An object starts from rest at the origin and moves along the x axis with a constant acceleration of 4m/s^2. Its average velocity as it goes from x=2m to x=8m is:

A. 1m/s
B. 2m/s
C. 3m/s
D. 5m/s
E. 6m/s

An object is released from rest and falls a distance H during the first second of time. How far will it fall during the next secondof time?

A. H
B. 2H
C. 3H
D. 4H
E. H^2

If an abject has a constatn acceleration of 3m/s^2. The displacement versus time graph for this object has a slope:?

A. that increases with time
B. that is constant
C. that decreases with time
D. of 3 m/s
E. of 3 m/s^2

What is your thinking on these? I am not much inclined to do them for you, but will be happy to critique thinking.

1.e

1a 2b 3c

To find the average velocity of an object as it goes from one position to another, we can use the formula:

average velocity = (final position - initial position) / time

For the first question, the object starts from rest at the origin, so its initial position is 0m and its final position is 8m.
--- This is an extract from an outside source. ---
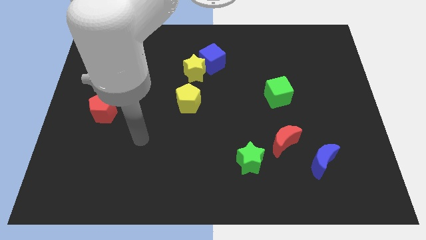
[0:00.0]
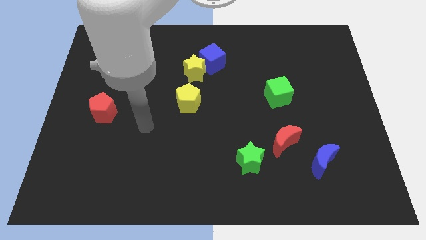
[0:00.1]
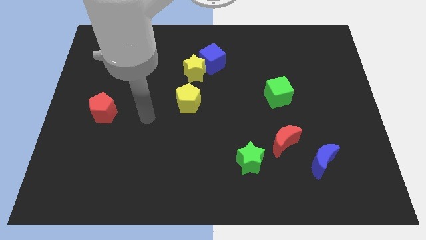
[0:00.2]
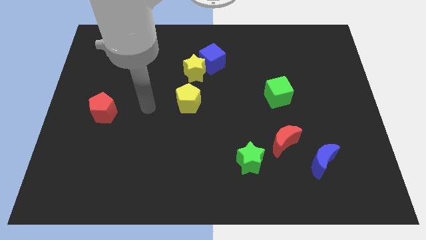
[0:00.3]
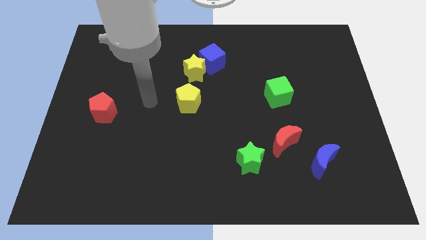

The time is not given, but since the object has a constant acceleration, we can use the formula:

final velocity = initial velocity + (acceleration * time)

Since the object starts from rest, the initial velocity is 0m/s. We can rearrange this formula to solve for time:

time = (final velocity - initial velocity) / acceleration

We know the acceleration is 4m/s^2, and the final velocity is the average velocity. So we can substitute the values into the equation:

time = (average velocity - 0) / 4

Simplifying, we get:

time = average velocity / 4

Now we can substitute this value of time into the first formula to find the average velocity:

average velocity = (8 - 0) / (average velocity / 4)

Simplifying further:

average velocity = (8 * 4) / average velocity

average velocity = 32 / average velocity

Multiplying both sides by average velocity:

average velocity^2 = 32

Taking the square root of both sides:

average velocity = √32

Since 32 can be simplified as 4 * 8, we have:

average velocity = √(4 * 8)

average velocity = √4 * √8

average velocity = 2 * √8

So the average velocity as the object goes from x=2m to x=8m is approximately 2 * 2.83 = 5.66m/s.

Therefore, the correct answer is D. 5m/s.

For the second question, when an object is released from rest and falls a distance H during the first second of time, we can use the equations of motion to find the distance it will fall during the next second.

The equation for the position of a falling object is:

position = initial position + (initial velocity * time) + (0.5 * acceleration * time^2)

Since the object is released from rest, the initial velocity is 0m/s. The acceleration due to gravity is approximately 9.8m/s^2. In the first second, time is 1 second, and the distance is H. So we can substitute these values into the equation:

H = 0 + (0 * 1) + (0.5 * 9.8 * 1^2)

H = 0 + 0 + (0.5 * 9.8 * 1)

H = 0 + 0 + 4.9

H = 4.9

Therefore, the object will fall a distance of 4.9 meters during the next second of time.

Thus, the correct answer is D. 4H.

For the third question, the slope of a displacement versus time graph represents the velocity of an object. Since the acceleration is constant at 3m/s^2, the velocity increases linearly with time.

Therefore, the correct answer is A. that increases with time.

I hope this helps! Let me know if you have any further questions.